In order to further verify the effectiveness of NNIG model, the optimum parameters of fuzzy time window are selected. We choose the best parameters of the fuzzy time window from 11,9,7,5.
PICP results obtained by NNIG model are superior to those obtained by FIG and Min-Max models. Among them, the mean value of NNIG results was 72.98%, while that of FIG results was 59.86%, and that of Min-Max results was the worst, with an average value of 58.15%. In each model, different fuzzy time window values have relatively little influence on the results, and there is no obvious correlation. This indicates that the effect of the change of fuzzy time window on each model is relatively balanced in PICP metrics and no significant trend or correlation is shown. It can be seen from the PINAD result chart that the results of NNIG are all smaller than those of the comparison model, and the prediction model has a better effect. As the number of fuzzy time Windows decreases, PINRW and PINAD generally increase, indicating that when the time series is short, it is easier to find the most representative features. This finding further proves the superiority of NNIG method in processing short time series data.

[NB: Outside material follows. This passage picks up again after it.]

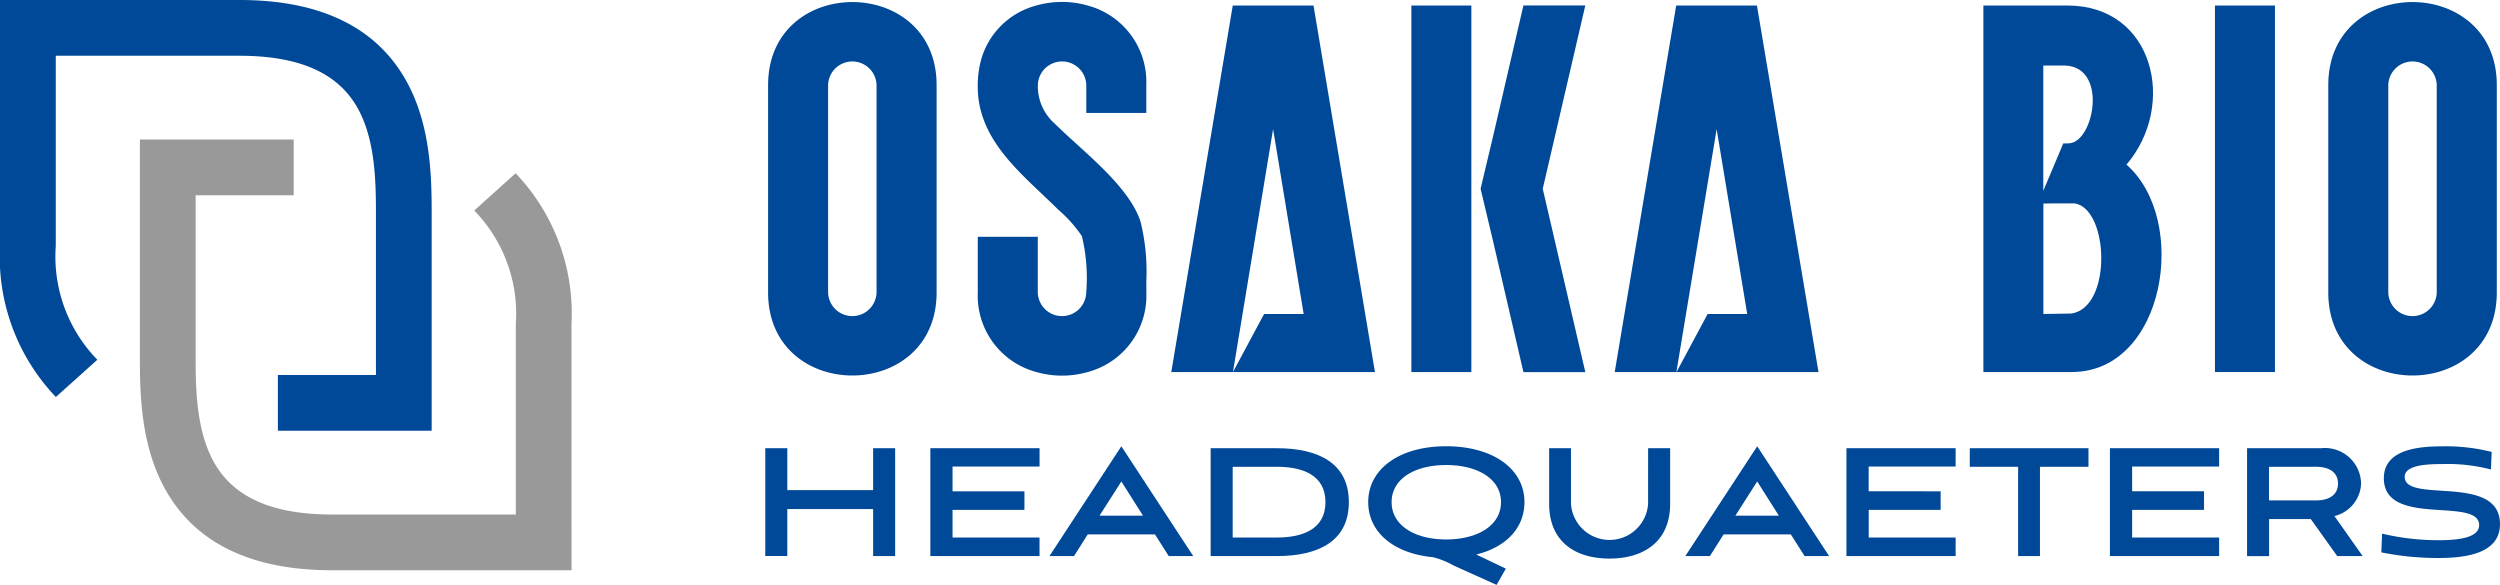 <svg xmlns="http://www.w3.org/2000/svg" width="150" height="35.093" viewBox="0 0 150 35.093"><g transform="translate(75 17.546)"><g transform="translate(-75 -17.546)"><path d="M38.554,38.466H24.179c-4.933,0-8.332-1.694-10.1-5.036-1.427-2.691-1.425-5.849-1.424-7.938V12.621h9.228v3.345H16v9.528c0,1.863,0,4.415,1.034,6.371,1.161,2.191,3.5,3.256,7.146,3.256h11.03V23.705a8.869,8.869,0,0,0-2.494-6.823L35.2,14.646a12.188,12.188,0,0,1,3.351,9.059Z" transform="translate(-4.262 -4.251)" fill="#999"/><path d="M25.9,25.846H16.673V22.5h5.883V12.972c0-1.863,0-4.414-1.034-6.37-1.161-2.191-3.5-3.256-7.147-3.256H3.346V14.761A8.868,8.868,0,0,0,5.84,21.584L3.352,23.82A12.189,12.189,0,0,1,0,14.761V0H14.375c4.934,0,8.332,1.694,10.1,5.036C25.9,7.728,25.9,10.884,25.9,12.974Z" fill="#004898"/><path d="M114.5.5h-4.846l-3.688,21.991h3.7l2.409-14.578,1.834,11.094h-2.375l-1.868,3.484h8.52L114.5.5Z" transform="translate(-35.689 -0.168)" fill="#004898" fill-rule="evenodd"/><path d="M154.618.5h-4.846l-3.688,21.991h3.7L152.2,7.913l1.834,11.094h-2.375l-1.868,3.484h8.52L154.618.5Z" transform="translate(-49.201 -0.168)" fill="#004898" fill-rule="evenodd"/><path d="M179.437.5V22.49h5.3c5.619,0,7.072-9.122,3.285-12.445C191.066,6.483,189.676.5,184.493.5Zm3.6,11.872h.009l-.009.009v-.009Zm.614,0h1.275c2.051.352,2.244,6.24-.207,6.608l-1.682.027V12.381l.614-.009Zm.9-3.6h-.32c-.395.942-.8,1.9-1.2,2.847V4.1h1.3c2.622.088,1.726,4.667.214,4.667Z" transform="translate(-60.434 -0.168)" fill="#004898" fill-rule="evenodd"/><path d="M200.387.5V22.491h3.6V.5Z" transform="translate(-67.49 -0.168)" fill="#004898" fill-rule="evenodd"/><path d="M127.686.5V22.49h3.6V.5Zm4.156,11,.734,3.081,1.835,7.914h3.713l-2.555-11,2.555-11H134.41l-1.835,7.914-.734,3.081Z" transform="translate(-43.005 -0.168)" fill="#004898" fill-rule="evenodd"/><path d="M69.49,5.167V17.613c0,6.64,10.11,6.64,10.11,0V5.167c0-6.64-10.11-6.64-10.11,0Zm3.6,12.446V5.167a1.454,1.454,0,0,1,2.907,0V17.613a1.454,1.454,0,0,1-2.907,0Z" transform="translate(-23.404 -0.063)" fill="#004898" fill-rule="evenodd"/><path d="M210.641,5.167V17.613c0,6.64,10.11,6.64,10.11,0V5.167c0-6.64-10.11-6.64-10.11,0Zm3.6,12.446V5.167a1.454,1.454,0,0,1,2.907,0V17.613a1.454,1.454,0,0,1-2.907,0Z" transform="translate(-70.944 -0.063)" fill="#004898" fill-rule="evenodd"/><path d="M88.457,5.254c0,3.287,2.72,5.284,4.828,7.382a8.105,8.105,0,0,1,1.422,1.593,10.8,10.8,0,0,1,.259,3.38,1.454,1.454,0,0,1-2.907,0V14.268h-3.6v3.341A4.739,4.739,0,0,0,91.9,22.36a5.616,5.616,0,0,0,3.228,0,4.737,4.737,0,0,0,3.444-4.752v-.673a12.482,12.482,0,0,0-.345-3.565c-.688-2.169-3.543-4.295-5.146-5.889a2.988,2.988,0,0,1-1.018-2.319,1.454,1.454,0,0,1,2.907,0V6.834h3.6V5.163A4.742,4.742,0,0,0,95.123.411a5.636,5.636,0,0,0-3.228,0,4.677,4.677,0,0,0-3.22,3.171,6.019,6.019,0,0,0-.218,1.672Z" transform="translate(-29.792 -0.059)" fill="#004898" fill-rule="evenodd"/><g transform="translate(45.917 26.777)"><path d="M75.706,47.023V44.2H70.557v2.818H69.235V40.551h1.322v2.517h5.148V40.551h1.322v6.472Z" transform="translate(-69.235 -40.435)" fill="#004898"/><path d="M84.17,47.023V40.551h6.552v1.1H85.5v1.485h4.314V44.25H85.5v1.659h5.219v1.114Z" transform="translate(-74.265 -40.435)" fill="#004898"/><path d="M101.275,45.664H97.239l-.823,1.3H94.943l4.314-6.588,4.314,6.588H102.1ZM97.947,44.54h2.61l-1.3-2.053Z" transform="translate(-77.893 -40.376)" fill="#004898"/><path d="M109.528,47.023V40.551h3.967c2.563,0,4.325.939,4.325,3.236s-1.763,3.236-4.325,3.236Zm3.978-1.114c1.485,0,2.911-.464,2.911-2.122s-1.427-2.122-2.911-2.122H110.85v4.244Z" transform="translate(-82.806 -40.435)" fill="#004898"/><path d="M130.265,46.871l1.774.846-.556.974-2.575-1.16a4.85,4.85,0,0,0-1.241-.5c-2.354-.221-3.885-1.5-3.885-3.305,0-1.995,1.879-3.352,4.674-3.352s4.7,1.346,4.7,3.352C133.152,45.27,132.074,46.418,130.265,46.871Zm-1.809-5.37c-1.879,0-3.27.824-3.27,2.227s1.4,2.238,3.27,2.238,3.293-.824,3.293-2.238S130.322,41.5,128.456,41.5Z" transform="translate(-87.606 -40.376)" fill="#004898"/><path d="M146.089,40.551h1.322V43.88c0,2.319-1.635,3.293-3.642,3.293s-3.618-.974-3.618-3.293V40.551h1.31V43.88a2.318,2.318,0,0,0,4.627,0Z" transform="translate(-93.119 -40.435)" fill="#004898"/><path d="M158.8,45.664h-4.036l-.823,1.3h-1.473l4.314-6.588,4.314,6.588h-1.472Zm-3.329-1.125h2.61l-1.3-2.053Z" transform="translate(-97.266 -40.376)" fill="#004898"/><path d="M167.048,47.023V40.551H173.6v1.1h-5.219v1.485H172.7V44.25h-4.315v1.659H173.6v1.114Z" transform="translate(-102.178 -40.435)" fill="#004898"/><path d="M181.106,47.023V41.665h-2.9V40.551h7.121v1.114h-2.911v5.358Z" transform="translate(-105.936 -40.435)" fill="#004898"/><path d="M190.885,47.023V40.551h6.552v1.1h-5.219v1.485h4.314V44.25h-4.314v1.659h5.219v1.114Z" transform="translate(-110.207 -40.435)" fill="#004898"/><path d="M208.7,47.023,207.112,44.8h-2.5v2.227h-1.322V40.551h4.441a2.17,2.17,0,0,1,2.4,2.122,2.087,2.087,0,0,1-1.6,1.948l1.693,2.4Zm-4.094-5.358v2.017h2.807c.974,0,1.334-.464,1.334-1.009s-.359-1.009-1.334-1.009Z" transform="translate(-114.383 -40.435)" fill="#004898"/><path d="M222.015,41.768a10.265,10.265,0,0,0-2.911-.325c-.835,0-2.262.035-2.262.765,0,1.635,5.717-.232,5.717,2.841,0,1.728-1.972,2.029-3.665,2.029a17.182,17.182,0,0,1-3.455-.336l.046-1.125a14.519,14.519,0,0,0,3.433.394c1.149,0,2.39-.151,2.39-.9,0-1.74-5.717.162-5.717-2.818,0-1.717,2.041-1.914,3.49-1.914a11.208,11.208,0,0,1,2.98.336Z" transform="translate(-118.477 -40.376)" fill="#004898"/></g></g></g></svg>

Based on the performance analysis and the ablation experiment results, the proposed NNIG method shows obvious advantages and potential in the interval prediction of emerging infectious diseases.
Conclusion
In this research, we present a novel approach for time series interval prediction of infectious disease. This is achieved by developing a spatial-temporal graph neural network based on fuzzy information granulation. This proposed method constitutes a valuable contribution to the field of interval prediction by offering a new perspective and strategy to tackle the challenge of infectious disease prediction. To enhance the interpretability of fuzzy information granulation, we introduce an optimization neighbor method to optimize fuzzy information granulation. The final model, a spatial-temporal graph neural network based on the neighborhood fuzzy information granulation, is demonstrated to be superior to the baseline model in evaluation criteria through extensive experimentation and analysis. It is noteworthy to mention that this work implements time series predictions at the granular level rather than the numerical level, which significantly reduces the dimensionality of the problem and provides a more comprehensive and accurate picture of infectious disease dynamics. As a preliminary effort, this work highlights the potential for further improvements by enriching the infectious disease transmission network map with additional multi-attribute information such as, flight information and demographics. The evaluation of the impact of this supplementary data on prediction outcomes is another key aspect for future investigation.